Le lumen de l’embryon se forme à partir de centaines de mini-lumens
Cerveau, cœur, foie, reins, la plupart des organes de notre corps contiennent des cavités remplies de fluide. Ces cavités appelées lumens sont essentielles au bon fonctionnement de nos organes. Durant les tous premiers jours de notre développement, alors qu’il ne consiste que de 32 cellules, l’embryon forme son premier lumen. Ce lumen gonfle à l’intérieur de l’embryon et sa position détermine l’endroit par lequel l’embryon s’attachera à l’utérus maternel pour s’implanter et continuer son développement.
En 2019, une étude dirigée par le Dr Jean-Léon Maître, chef de l’équipe Mécanique du développement des mammifères (CNRS UMR3215 / Inserm U934 / Sorbonne Université), avait montré que le lumen se forme par fracturation hydraulique : la pression du fluide brise les contacts entre les cellules. Mais cette fracturation ne forme pas un seul lumen mais des centaines de mini-lumens, ou poches, qui progressivement échangent leur contenu et se vident les uns dans les autres jusqu'à ce qu’un seul lumen dominant accumule tout le fluide. Ainsi, ces écoulements entre poches sont cruciaux pour positionner le lumen et déterminer le point d’implantation. Mais comment les cellules contrôlent elles les mouvements du fluide au sein de l’embryon ?
Des milliers de pompes, les blebs inversés, pour assurer la formation du lumen
Dans un article publié dans la revue Nature Cell Biology, les mêmes scientifiques ont découvert des structures appelées blebs inversés qui pompent le fluide d’une poche vers l’autre. Ces blebs inversés se gonflent de fluide en 10 secondes pour atteindre quelques micromètres de diamètres avant de se contracter en 30 secondes pour repousser le fluide. Pour passer d’un réseau de poches à un seul gros lumen en quelques heures, ce sont des milliers et des milliers de blebs inversés qui apparaissent et disparaissent au sein de chaque embryon.
En manipulant la capacite des embryons à accumuler du fluide ou à contraindre le fluide dans les poches, les scientifiques ont montré que les blebs inversés se forment grâce à la pression du fluide qui pousse comme un ballon vers l’intérieur des cellules. Celles-ci recrutent rapidement des protéines du cytosquelette d’actomyosine (les mêmes qui permettent à nos muscles de se contracter) a la surface des blebs inversés et repoussent le fluide vers d’autres poches. Ainsi, les blebs inversés pompent et pompent et pompent encore le fluide au sein de l’embryon, le faisant ainsi circuler. Mais ce va-et-vient du fluide ne semble pas très productif.

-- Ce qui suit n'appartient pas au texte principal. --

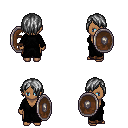
a pixel art fantasy rpg character, female body template, human, dark skin, gray robe, robe skirt, gray bangs hairstyle, shield, four views (front, back, left, right), 2x2 character sprite sheet, small pixel art, hard edges, no anti-aliasing
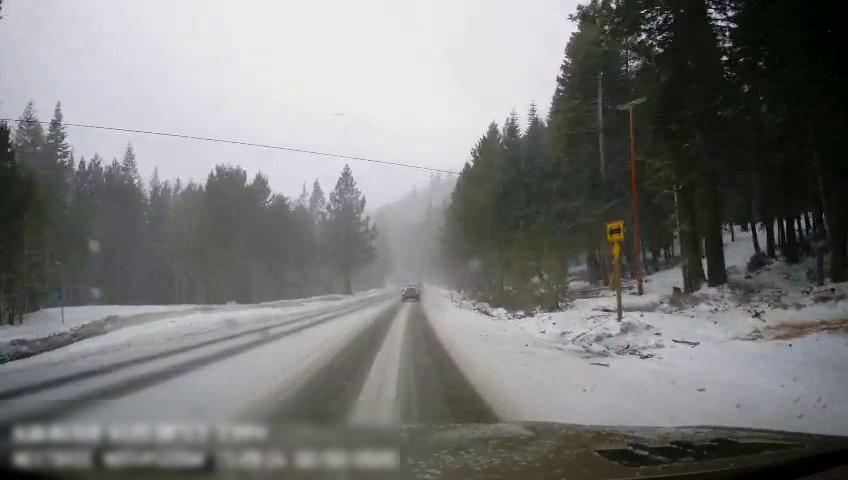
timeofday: Day
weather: Snowy
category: Drivable Space
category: Vehicles | SUV
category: Traffic | Signs
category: Traffic | Signs

Les scientifiques ont alors identifié que certaines poches, celles entourées par plus de deux cellules, ne formaient pas de blebs inversés avec une fréquence aussi élevée que les autres poches contenant seulement deux cellules. En fait, les poches entourées par plus de deux cellules ne pomperaient pas efficacement et agiraient comme un syphon. Pour étayer cette hypothèse, les scientifiques ont manipulé la topologie des embryons de façon à éliminer les poches entourées par plus de deux cellules. Ces structures dépourvues de siphon forment énormément de blebs inversés mais, comme ils pompent le fluide de l’un vers l’autre dans un cycle futile, elles ne parviennent que péniblement à former un lumen. Ainsi, ces structures sans siphon sont à l’image des Shadocks dont un des adages est "Il vaut mieux pomper et qu'il ne se passe rien plutôt que de ne pas pomper et risquer qu'il se passe quelque chose de pire”.
Cette étude met donc en lumière les blebs inversés comme le mécanisme cellulaire permettant aux embryons de former un seul lumen dont la position détermine son futur développement. Elle révèle également que pour dépasser les premiers jours du développement de l’embryon de mammifère il est essentiel de suivre cette autre maxime Shadockienne : « je pompe donc je suis ».
Schliffka, M.F., Dumortier, J.G., Pelzer, D. et al. Inverse blebs operate as hydraulic pumps during mouse blastocyst formation. Nat Cell Biol (2024). https://doi.org/10.1038/s41556-024-01501-z
Figure : Schéma de la formation du lumen de l’embryon de souris. Du fluide (bleu) s’accumule entre les cellules à l’intérieur de l’embryon. Les poches remplies de fluides échangent leur contenu jusqu'à ce qu’il ne reste qu’une seule poche et constitue le lumen qui détermine l’axe de symétrie de l’embryon et son point d’implantation. Pour aider les poches à échanger le fluide, des structures appelées blebs inversés (vert) pompent le fluide d’une poche vers l’autre.